▶ Your task: Please copy, exactly as they appear below, the lines from the one containing "12 32 12 93" through the one containing "-456 1 -269".

▶ Information supplied:
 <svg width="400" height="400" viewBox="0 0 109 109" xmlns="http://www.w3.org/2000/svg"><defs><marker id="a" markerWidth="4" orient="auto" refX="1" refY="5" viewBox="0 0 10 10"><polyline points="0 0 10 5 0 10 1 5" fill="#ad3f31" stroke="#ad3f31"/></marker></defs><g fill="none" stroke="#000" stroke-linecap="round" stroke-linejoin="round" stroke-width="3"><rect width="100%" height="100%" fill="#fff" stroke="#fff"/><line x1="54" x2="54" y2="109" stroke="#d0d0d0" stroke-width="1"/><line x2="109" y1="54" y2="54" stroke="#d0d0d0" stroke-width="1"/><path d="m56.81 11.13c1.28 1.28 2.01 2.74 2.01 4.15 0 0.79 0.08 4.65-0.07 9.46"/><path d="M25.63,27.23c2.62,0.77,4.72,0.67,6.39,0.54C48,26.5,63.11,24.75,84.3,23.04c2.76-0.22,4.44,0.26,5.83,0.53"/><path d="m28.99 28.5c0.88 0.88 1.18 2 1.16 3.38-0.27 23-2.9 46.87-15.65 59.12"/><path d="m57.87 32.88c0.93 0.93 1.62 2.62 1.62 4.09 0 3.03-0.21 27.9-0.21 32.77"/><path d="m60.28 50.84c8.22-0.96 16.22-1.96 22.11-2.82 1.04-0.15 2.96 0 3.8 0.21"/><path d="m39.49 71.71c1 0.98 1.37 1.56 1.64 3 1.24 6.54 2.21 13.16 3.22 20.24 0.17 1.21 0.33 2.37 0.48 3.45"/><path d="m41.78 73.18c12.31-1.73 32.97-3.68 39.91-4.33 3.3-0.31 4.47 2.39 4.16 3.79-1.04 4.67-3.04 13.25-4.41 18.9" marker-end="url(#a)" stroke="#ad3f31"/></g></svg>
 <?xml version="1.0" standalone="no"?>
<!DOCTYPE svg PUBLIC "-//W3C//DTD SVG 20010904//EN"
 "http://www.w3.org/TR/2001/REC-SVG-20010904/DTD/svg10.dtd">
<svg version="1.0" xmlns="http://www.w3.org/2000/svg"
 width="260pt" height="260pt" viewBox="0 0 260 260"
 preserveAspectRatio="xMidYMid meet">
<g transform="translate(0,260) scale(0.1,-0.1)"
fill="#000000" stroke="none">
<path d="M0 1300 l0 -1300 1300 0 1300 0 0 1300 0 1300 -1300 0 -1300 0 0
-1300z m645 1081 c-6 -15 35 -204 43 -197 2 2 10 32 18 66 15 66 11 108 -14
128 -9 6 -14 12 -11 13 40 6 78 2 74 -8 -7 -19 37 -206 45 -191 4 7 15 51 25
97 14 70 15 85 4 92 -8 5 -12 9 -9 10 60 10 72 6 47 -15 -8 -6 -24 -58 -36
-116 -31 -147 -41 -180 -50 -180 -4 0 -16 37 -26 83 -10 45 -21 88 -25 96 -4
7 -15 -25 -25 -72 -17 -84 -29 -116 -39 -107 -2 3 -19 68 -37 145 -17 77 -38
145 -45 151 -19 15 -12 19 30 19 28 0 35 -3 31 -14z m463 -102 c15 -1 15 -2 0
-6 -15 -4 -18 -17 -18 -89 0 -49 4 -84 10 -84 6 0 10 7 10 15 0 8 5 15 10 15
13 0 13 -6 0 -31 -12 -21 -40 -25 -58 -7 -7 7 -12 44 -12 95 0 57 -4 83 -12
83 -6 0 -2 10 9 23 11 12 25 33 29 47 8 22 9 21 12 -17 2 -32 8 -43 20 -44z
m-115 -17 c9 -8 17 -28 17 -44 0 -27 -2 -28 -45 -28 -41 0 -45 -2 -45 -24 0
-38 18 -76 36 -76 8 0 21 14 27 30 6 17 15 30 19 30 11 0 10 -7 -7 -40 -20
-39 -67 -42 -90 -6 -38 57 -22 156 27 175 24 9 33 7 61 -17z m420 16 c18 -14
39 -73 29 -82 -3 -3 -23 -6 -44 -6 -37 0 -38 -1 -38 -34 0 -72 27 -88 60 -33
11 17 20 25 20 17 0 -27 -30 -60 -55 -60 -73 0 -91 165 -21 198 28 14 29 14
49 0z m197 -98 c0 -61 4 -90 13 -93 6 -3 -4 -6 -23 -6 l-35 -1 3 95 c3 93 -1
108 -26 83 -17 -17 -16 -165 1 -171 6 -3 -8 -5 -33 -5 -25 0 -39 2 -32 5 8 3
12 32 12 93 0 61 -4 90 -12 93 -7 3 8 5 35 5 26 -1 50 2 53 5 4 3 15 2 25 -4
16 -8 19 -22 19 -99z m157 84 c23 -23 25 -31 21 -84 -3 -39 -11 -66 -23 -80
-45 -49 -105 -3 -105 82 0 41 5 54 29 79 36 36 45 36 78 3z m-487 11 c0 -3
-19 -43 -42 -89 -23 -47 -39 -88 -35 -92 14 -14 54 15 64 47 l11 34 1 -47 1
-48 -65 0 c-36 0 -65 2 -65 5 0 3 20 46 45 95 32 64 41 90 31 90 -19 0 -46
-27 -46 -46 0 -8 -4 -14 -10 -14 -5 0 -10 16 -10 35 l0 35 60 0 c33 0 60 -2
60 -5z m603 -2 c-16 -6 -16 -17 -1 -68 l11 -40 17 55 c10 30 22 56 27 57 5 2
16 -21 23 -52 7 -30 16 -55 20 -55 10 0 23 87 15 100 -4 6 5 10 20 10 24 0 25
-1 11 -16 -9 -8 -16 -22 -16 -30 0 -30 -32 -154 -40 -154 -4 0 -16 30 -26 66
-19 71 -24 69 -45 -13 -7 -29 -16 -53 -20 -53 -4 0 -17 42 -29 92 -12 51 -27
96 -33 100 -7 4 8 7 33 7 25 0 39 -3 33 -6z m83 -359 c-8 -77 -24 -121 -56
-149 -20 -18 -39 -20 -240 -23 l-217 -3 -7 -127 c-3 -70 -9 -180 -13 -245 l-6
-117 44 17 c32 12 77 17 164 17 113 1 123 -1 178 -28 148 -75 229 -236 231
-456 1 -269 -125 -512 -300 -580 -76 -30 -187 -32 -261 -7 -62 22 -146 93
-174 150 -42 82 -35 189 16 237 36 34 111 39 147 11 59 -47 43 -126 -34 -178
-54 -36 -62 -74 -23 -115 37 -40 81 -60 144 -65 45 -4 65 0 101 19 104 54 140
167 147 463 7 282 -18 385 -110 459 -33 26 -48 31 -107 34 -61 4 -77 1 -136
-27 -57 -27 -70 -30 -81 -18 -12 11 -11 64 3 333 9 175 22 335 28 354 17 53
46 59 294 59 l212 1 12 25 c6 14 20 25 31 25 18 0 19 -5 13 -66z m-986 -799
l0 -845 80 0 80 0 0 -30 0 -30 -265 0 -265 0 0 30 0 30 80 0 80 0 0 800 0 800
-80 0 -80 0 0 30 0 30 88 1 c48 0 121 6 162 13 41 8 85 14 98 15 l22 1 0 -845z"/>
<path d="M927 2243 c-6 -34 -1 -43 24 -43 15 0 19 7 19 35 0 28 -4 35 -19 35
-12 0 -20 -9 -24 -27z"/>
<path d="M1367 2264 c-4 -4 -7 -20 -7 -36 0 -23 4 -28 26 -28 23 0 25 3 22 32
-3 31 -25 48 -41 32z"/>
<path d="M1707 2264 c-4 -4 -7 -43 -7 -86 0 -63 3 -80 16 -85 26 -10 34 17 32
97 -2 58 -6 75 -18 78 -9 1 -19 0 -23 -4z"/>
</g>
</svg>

▶ The answer:
12 32 12 93 0 61 -4 90 -12 93 -7 3 8 5 35 5 26 -1 50 2 53 5 4 3 15 2 25 -4
16 -8 19 -22 19 -99z m157 84 c23 -23 25 -31 21 -84 -3 -39 -11 -66 -23 -80
-45 -49 -105 -3 -105 82 0 41 5 54 29 79 36 36 45 36 78 3z m-487 11 c0 -3
-19 -43 -42 -89 -23 -47 -39 -88 -35 -92 14 -14 54 15 64 47 l11 34 1 -47 1
-48 -65 0 c-36 0 -65 2 -65 5 0 3 20 46 45 95 32 64 41 90 31 90 -19 0 -46
-27 -46 -46 0 -8 -4 -14 -10 -14 -5 0 -10 16 -10 35 l0 35 60 0 c33 0 60 -2
60 -5z m603 -2 c-16 -6 -16 -17 -1 -68 l11 -40 17 55 c10 30 22 56 27 57 5 2
16 -21 23 -52 7 -30 16 -55 20 -55 10 0 23 87 15 100 -4 6 5 10 20 10 24 0 25
-1 11 -16 -9 -8 -16 -22 -16 -30 0 -30 -32 -154 -40 -154 -4 0 -16 30 -26 66
-19 71 -24 69 -45 -13 -7 -29 -16 -53 -20 -53 -4 0 -17 42 -29 92 -12 51 -27
96 -33 100 -7 4 8 7 33 7 25 0 39 -3 33 -6z m83 -359 c-8 -77 -24 -121 -56
-149 -20 -18 -39 -20 -240 -23 l-217 -3 -7 -127 c-3 -70 -9 -180 -13 -245 l-6
-117 44 17 c32 12 77 17 164 17 113 1 123 -1 178 -28 148 -75 229 -236 231
-456 1 -269 -125 -512 -300 -580 -76 -30 -187 -32 -261 -7 -62 22 -146 93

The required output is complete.